Sunday, October 12, 2008

Brown & Duguid: Hmmm.

Disclaimer: I used to be an English teacher, certified (and certifiable!) grades 7-12. As such, I had the pleasure of going to graduate school part-time over a series of years to earn the first MA. I took education courses and student-taught. I also grew up with two English teacher parents who had very different, clashing views of what education was, in which direction it ought to move, and whether what was occurring 'now' was 'progress'. This will be my 3rd degree; I have very definite views on what education is and is NOT.

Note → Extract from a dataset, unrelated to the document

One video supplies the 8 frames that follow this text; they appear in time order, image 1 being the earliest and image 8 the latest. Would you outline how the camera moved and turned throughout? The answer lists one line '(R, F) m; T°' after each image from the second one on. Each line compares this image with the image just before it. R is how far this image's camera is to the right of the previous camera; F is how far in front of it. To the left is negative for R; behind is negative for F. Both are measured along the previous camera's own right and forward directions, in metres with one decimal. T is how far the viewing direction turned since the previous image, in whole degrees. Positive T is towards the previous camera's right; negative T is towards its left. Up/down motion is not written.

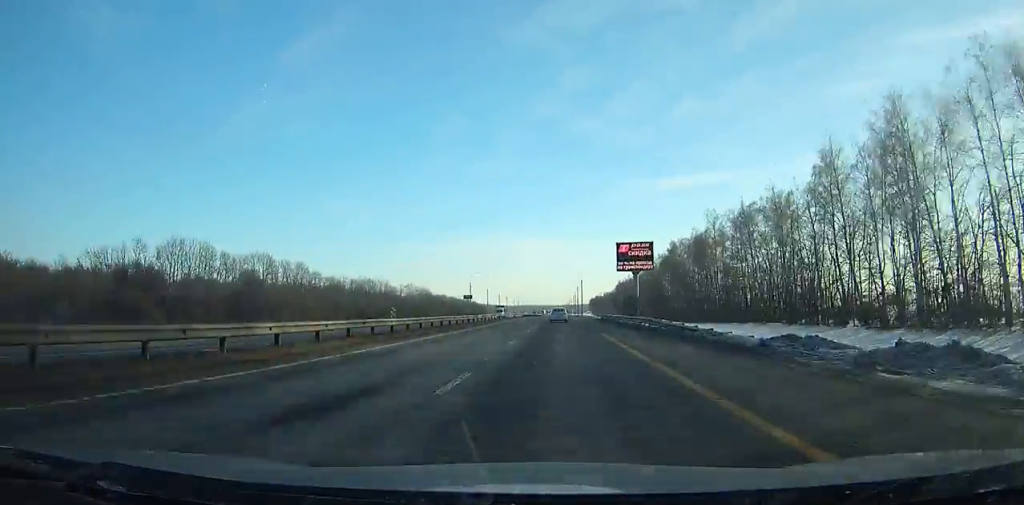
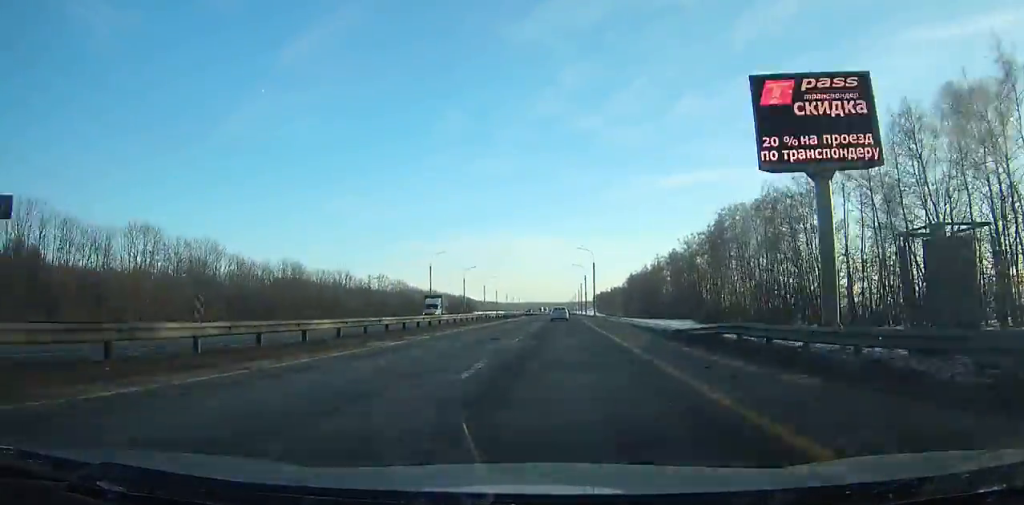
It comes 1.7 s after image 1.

That said, I agree with what much of B and D have to say about the perception and actuality of education as a delivery system. The only exceptions that I found as a k-12 student were in Advanced Placement classes, where instructors - often with 'Ph.D' after their names - forced us to engage with the ideas rather than rote responses. Conversely, an expensive undergraduate education provided little non-delivery learning, particularly and amazingly in my own department and field. This again reinforces what B and D had to say about undergraduate education. My undergraduate degree would fall into their category of 'credentialing' - meaning it would look good to an employer and therefore put me among the candidates selected for an interview. It would not, however, speak to B and D's idea of a community, or engagement with practitioners: the murky area that we assume is going on in education, but in reality may not be.

Let's assume that B and D are correct and that graduate school is the real connection to higher knowledge, where you are 'doing' rather than being passively 'done to'. Isn't this a lot of money to spend over 16 years in public and private institutions, only to learn that you'll need to drop another $72,000 + for another 2-4 years of active education to become a practitioner?

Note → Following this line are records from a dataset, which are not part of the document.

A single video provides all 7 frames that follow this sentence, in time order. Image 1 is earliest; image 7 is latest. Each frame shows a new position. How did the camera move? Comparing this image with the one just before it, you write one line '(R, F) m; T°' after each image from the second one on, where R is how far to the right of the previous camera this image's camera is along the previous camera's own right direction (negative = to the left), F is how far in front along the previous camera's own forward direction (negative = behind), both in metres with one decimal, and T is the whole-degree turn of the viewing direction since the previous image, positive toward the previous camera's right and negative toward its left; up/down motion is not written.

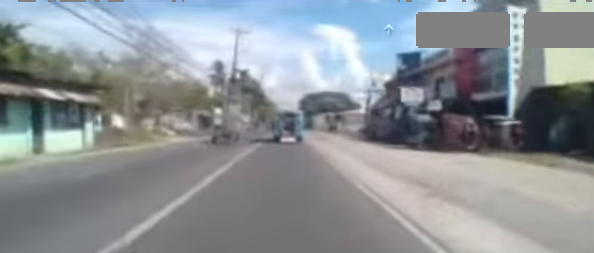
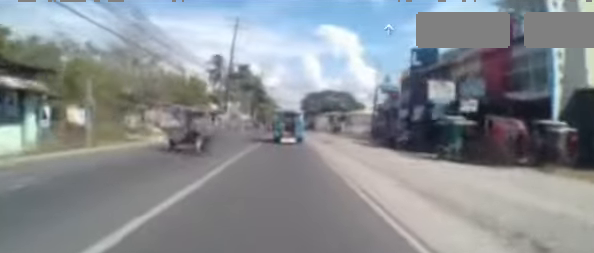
(0.0, +3.2) m; 0°
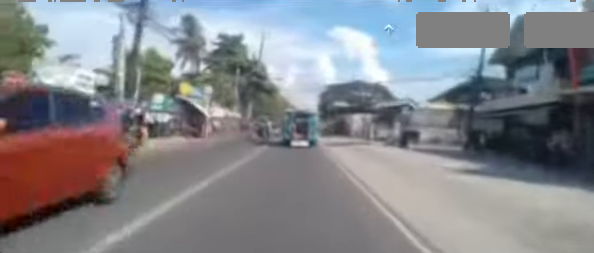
(-0.1, +25.0) m; +1°
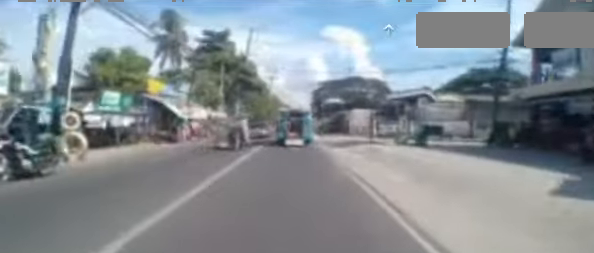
(0.0, +3.6) m; 0°
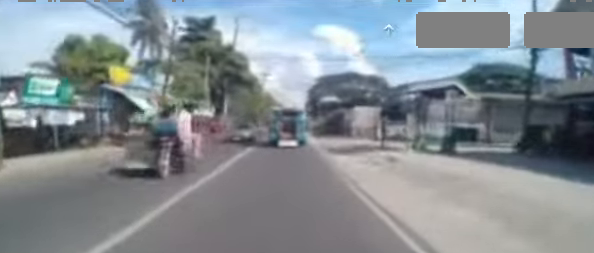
(0.0, +3.9) m; 0°
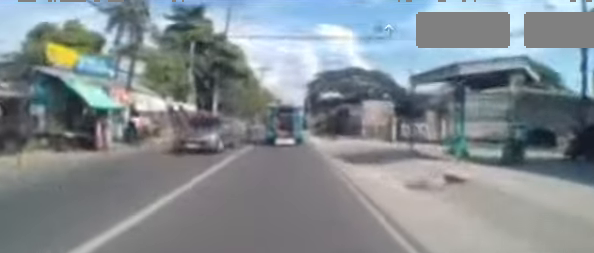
(0.0, +4.2) m; -1°
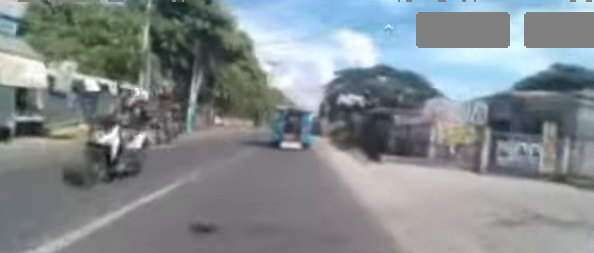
(-0.2, +9.9) m; -4°

Let's go back to k-12. As I entered teaching in New York State, the old Regents exams were being 'supplemented' by exams in the 4th and 8th grade. Part of this was tracked credentialing: a 'Regents diploma' was worth more, in New York, than a 'non-Regents diploma'. There was more pressure to obtain these diplomas, secured by passing a series of subject-area tests and completing a 'Regents sequence' in one area. As No Child Left Behind was inflicted on New York, the pressure accelerated to capture and track weaker students at earlier ages and supplement one specific part of their education before they took the final exam sequence and were doomed to the 'non-Regents diploma' wasteland. Mind you, once you left New York State, this whole Regents diploma gobbledygook was unapplicable to any other state - and it certainly was no guarantee of better employment anywhere. What it did do, pre-NCLB, was grease the wheels for acceptance at in-state institutions at a point when in-state schools were relatively inexpensive. After NCLB, the benefit to NY was that they already had some form of testing in place.

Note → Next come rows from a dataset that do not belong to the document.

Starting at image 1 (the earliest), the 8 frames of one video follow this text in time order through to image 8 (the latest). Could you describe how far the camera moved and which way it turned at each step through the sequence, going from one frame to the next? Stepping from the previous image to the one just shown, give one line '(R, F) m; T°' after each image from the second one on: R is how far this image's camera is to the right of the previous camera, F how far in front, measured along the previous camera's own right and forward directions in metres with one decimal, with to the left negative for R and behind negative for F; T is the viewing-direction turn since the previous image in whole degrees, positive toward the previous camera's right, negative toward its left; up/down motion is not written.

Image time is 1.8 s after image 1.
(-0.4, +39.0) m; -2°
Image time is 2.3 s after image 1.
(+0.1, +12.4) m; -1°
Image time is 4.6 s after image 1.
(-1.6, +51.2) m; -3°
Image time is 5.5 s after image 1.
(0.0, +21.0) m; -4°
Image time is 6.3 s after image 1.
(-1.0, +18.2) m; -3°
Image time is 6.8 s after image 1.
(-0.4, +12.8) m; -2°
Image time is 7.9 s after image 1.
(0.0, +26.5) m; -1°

When NCLB arrived, 'education' left the building for kids who had difficulty passing the 4th and 8th grade tests. More math, science, English, social studies; less music, art, gym, intramural, and afterschool activities. More teaching to the test, more rote responses, less time for cross-curricular learning and serendipitous knowledge. Also, more of the same kids with the same deficits in the same classes; so therefore, less chances to learn from others with varied strengths and weaknesses. Hardly educational, hardly a community of learners, and hardly a surprise to find that this kind of 'education' has extended to undergraduate institutions.

I don't see this changing in the current environment. B and D address this somewhat in their talk about centralization, but I lay the blame for this squarely at the feet of the so-called 'business model of education'. Credentialing may be the main thing high schools and colleges do, but this turns learning institutions into widget factories, where the only difference is which factory made the widget. Ultimately, the real issue is that a University of Phoenix widget is considered far inferior to a MIT-manufactured widget. Is that because we assume more learning goes on at MIT? Or is it strictly MIT's reputation? At this point, that reputation has little to do with the actual everyday learning and practice at the MIT community, and all to do with how MIT is rated - and by whom. If MIT were to sponsor a completely online degree program along the lines of the 19th century University of London model, then their online degree would have the equivalent weight of their current degree. So the question is, why don't they do this? I would go back to the business model of education: there must be some reason that an institution like MIT, with the brains to make it really work (see, I bought into the 'reputation' assumption!), doesn't move forward with it. Could it be financial? Sure, you could market it. It would be innovative. But how much money are you going to make on it? What's your reputation going to be as the new kid on the block? How do you change the perception of the market - and those who market universities - so that an online degree gains acceptance and retains an institution's reputation?

Really, what we're talking about is ephemera: not the logistics of how, but a sea change in perception. We also have to begin looking at education as a public good and not just a commodity. And as long as we throw Olympic sports under the bus for a football program, it ain't gonna happen.